CROSS-REFERENCE TO RELATED APPLICATIONS

This application claims the benefit of U.S. Provisional Application No. 62/234,445, filed Sep. 29, 2015, the entire contents of which are incorporated herein by reference.

FIELD

Embodiments described herein relate generally to an electronic device and a method.

BACKGROUND

Recently, various electronic devices that the user can wear and use have been developed. Such electronic devices are called wearable devices. For example, an electronic device taking the form of eyeglasses is known. Since the lens of this kind of electronic device also functions as a screen and information can be displayed in front of the eyes without the need to hold the device in hand, it is helpful for a worker who works with both hands to use the device.
This kind of electronic device usually comprises a battery and operates on power supplied by the battery. Of this kind of electronic device, an electronic device to be worn for a long time should be small in size and weight. Therefore, a small battery is generally provided in such a device for size and weight reduction. For the above reason, this kind of electronic device must have a power saving function.
There is considerable scope for improvement in operation regarding the power saving function of this kind of electronic device. For example, the aforementioned eyeglass electronic devices have an advantage in that they need not be held in the hand, but command input by a voice is difficult in many environments, which results in requiring manual operation of a switch. The problem is not limited to the operation regarding the power saving function.

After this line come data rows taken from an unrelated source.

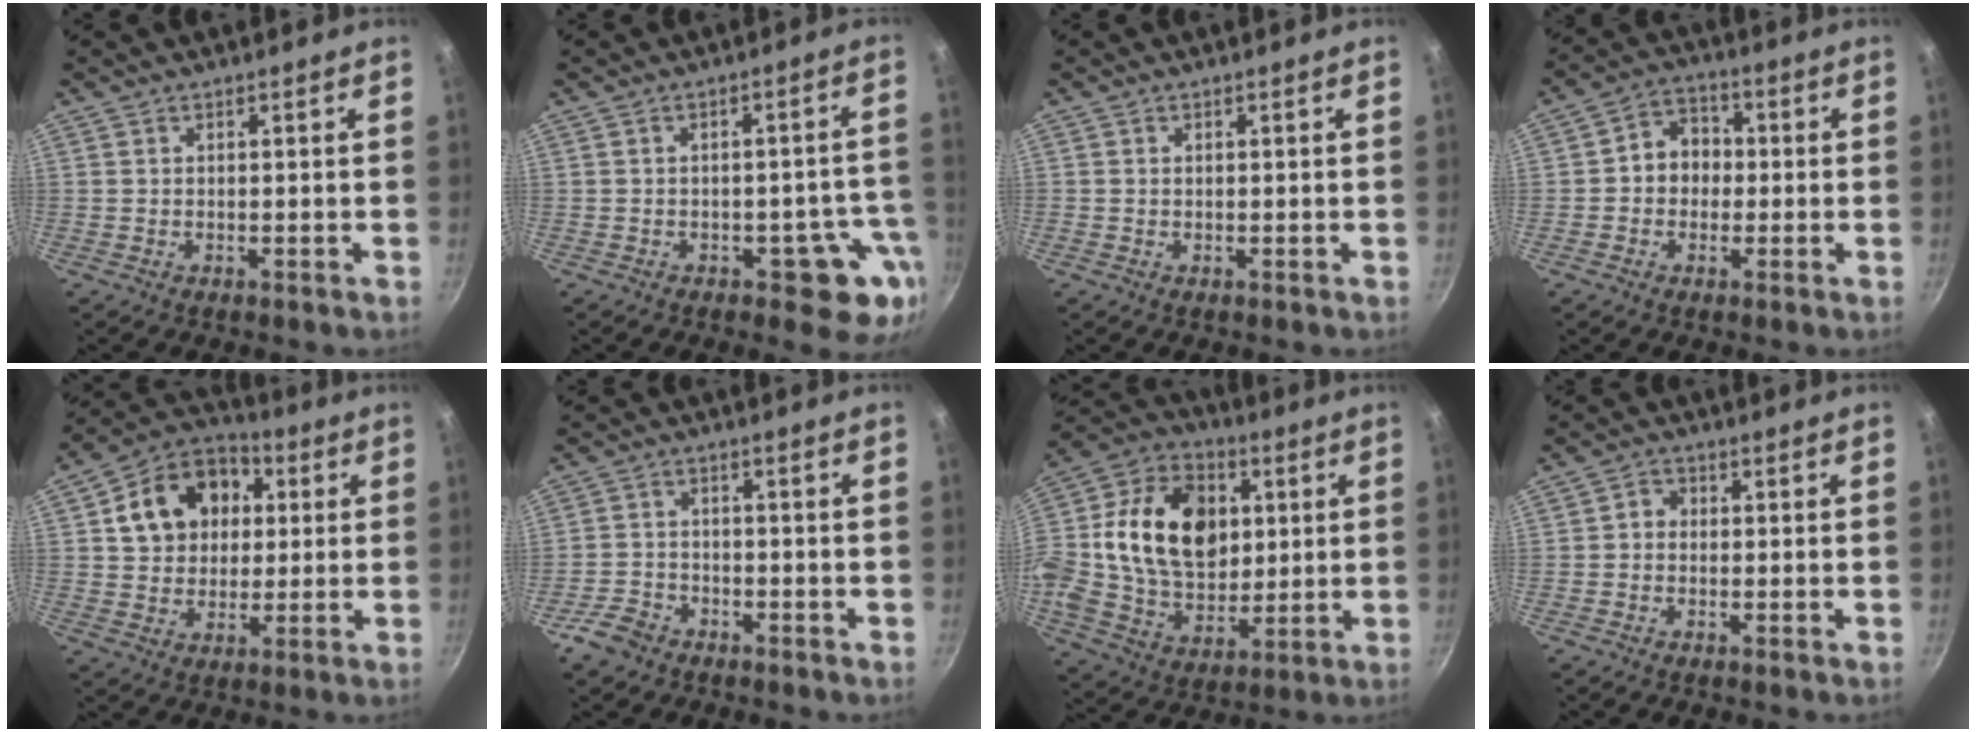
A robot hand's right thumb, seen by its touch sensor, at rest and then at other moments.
{"total": 8.5, "force": [-3.7, 4.7, 6.1], "torque": [-0.012, 0.036, -0.038]}
{"total": 0.0}
{"total": 7.0, "force": [-0.2, 6.0, 3.6], "torque": [-0.019, 0.018, -0.016]}
{"total": 15.4, "force": [3.3, 12.3, 8.6], "torque": [-0.119, 0.026, 0.044]}
{"total": 5.2, "force": [-3.5, 3.5, 1.8], "torque": [-0.032, 0.034, -0.063]}
{"total": 26.0, "force": [3.8, 18.6, 17.7], "torque": [-0.310, 0.023, 0.061]}
{"total": 2.3, "force": [-0.3, 2.0, 1.1], "torque": [-0.013, 0.010, -0.013]}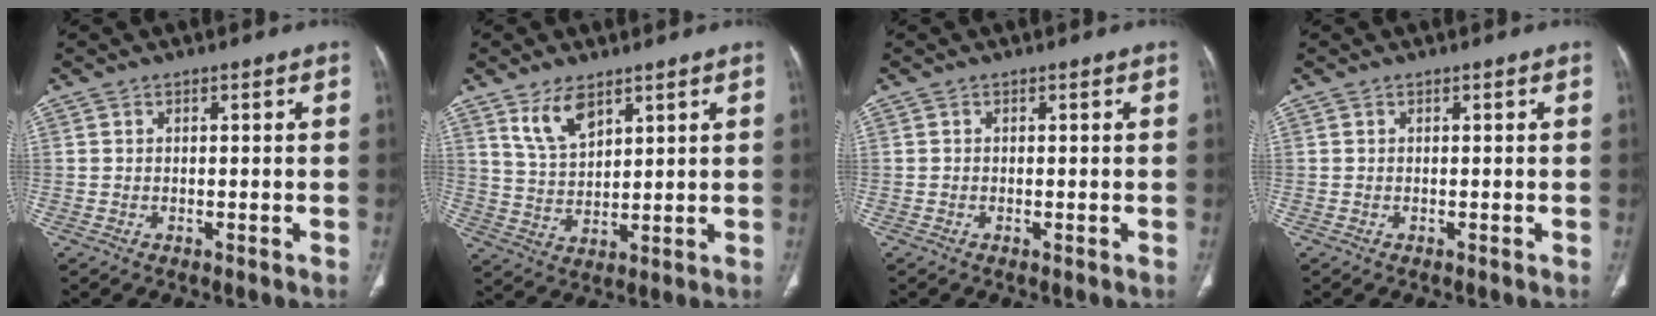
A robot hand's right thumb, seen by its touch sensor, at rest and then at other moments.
{"total": 7.1, "force": [4.6, 3.4, 4.3], "torque": [-0.069, -0.027, 0.096]}
{"total": 0.0}
{"total": 0.0}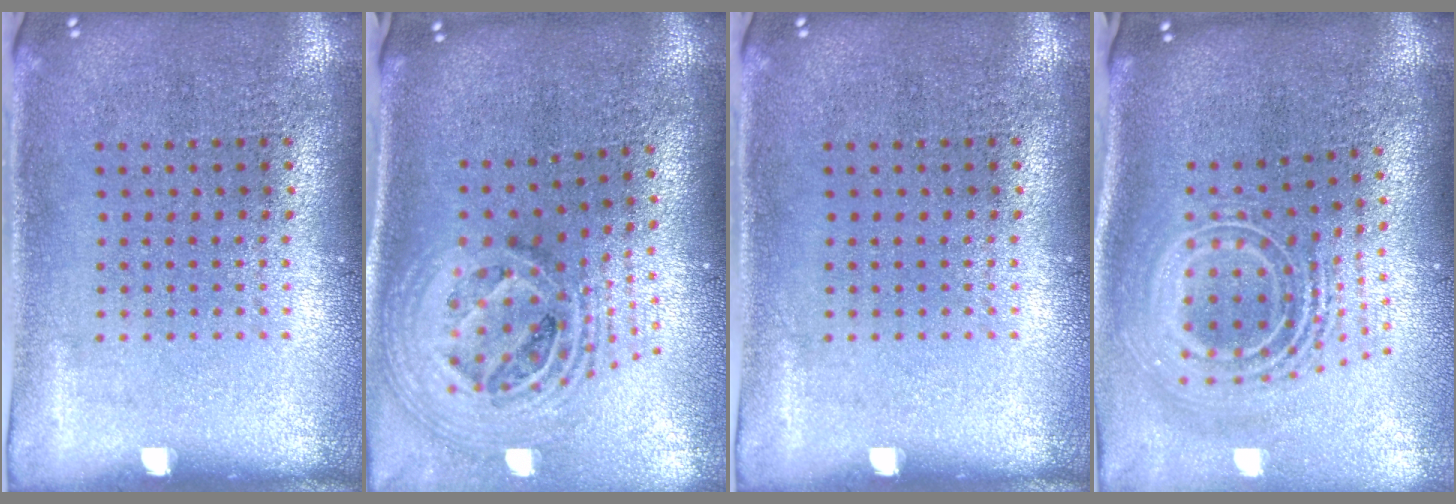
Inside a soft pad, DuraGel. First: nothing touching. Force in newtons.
{"total": 2.4, "press": 1.8, "slide": 1.6}
{"total": 0.0}
{"total": 2.8, "press": 1.9, "slide": 2.1}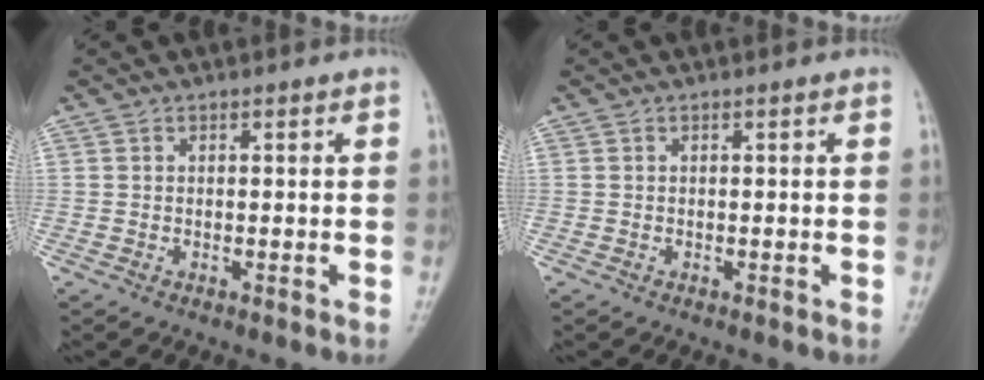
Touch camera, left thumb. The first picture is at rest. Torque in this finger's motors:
{"motor_torque": [0.00, 0.00, 0.00, 0.00, 0.00]}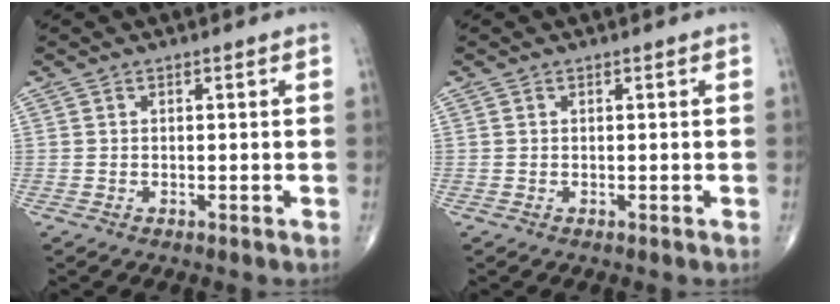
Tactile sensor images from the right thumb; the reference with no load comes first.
{"total": 0.0}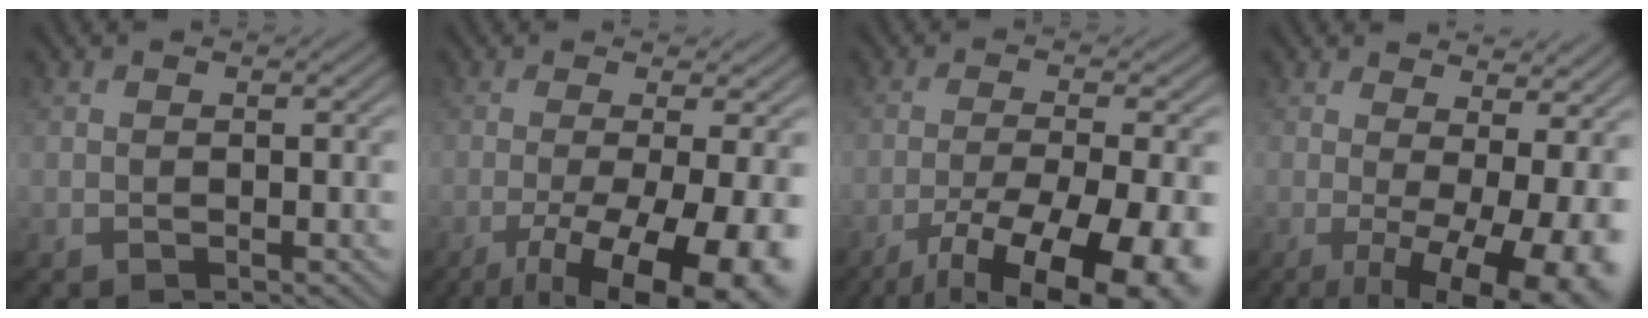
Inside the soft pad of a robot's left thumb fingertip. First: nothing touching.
{"total": 13.6, "force": [-5.5, 3.8, 11.9], "torque": [-0.170, -0.011, -0.074]}
{"total": 14.9, "force": [-8.9, 4.2, 11.2], "torque": [-0.189, -0.040, -0.122]}
{"total": 12.9, "force": [-1.3, 4.4, 12.1], "torque": [-0.147, -0.003, -0.004]}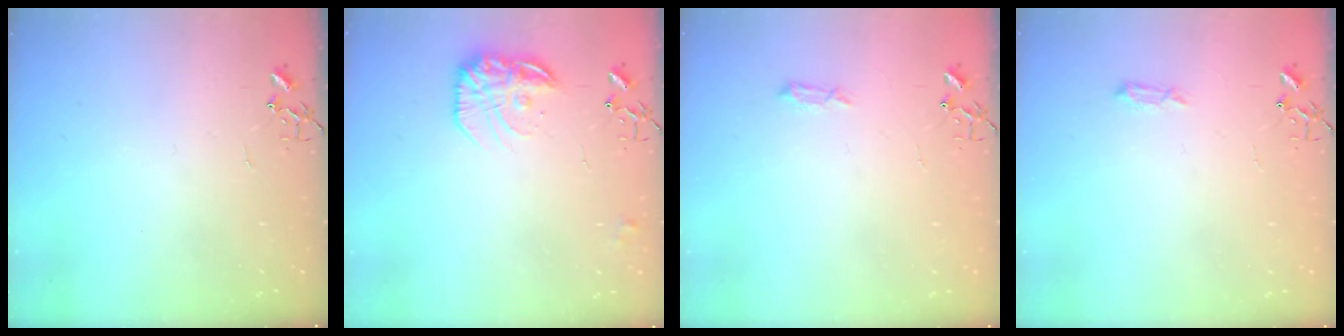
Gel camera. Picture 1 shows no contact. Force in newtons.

BRIEF DESCRIPTION OF THE DRAWINGS

A general architecture that implements the various features of the embodiments will now be described with reference to the drawings. The drawings and the associated descriptions are provided to illustrate the embodiments and not to limit the scope of the invention.

FIG. 1 is an exemplary illustration showing an example of an appearance of an electronic device of an embodiment.

FIG. 2 is an exemplary diagram showing an example of a system configuration of the electronic device of the embodiment.

FIG. 3 is an exemplary diagram showing a functional block related to suspend/resume of a controller of the electronic device of the embodiment.

FIG. 4 is an exemplary illustration of an example in which the electronic device of the embodiment detects movements of parts of the body of a user caused by a gesture by the user.

FIG. 5 is an exemplary flowchart showing a suspend process executed by the electronic device of the embodiment.

FIG. 6 is an exemplary flowchart showing a resume process executed by the electronic device of the embodiment.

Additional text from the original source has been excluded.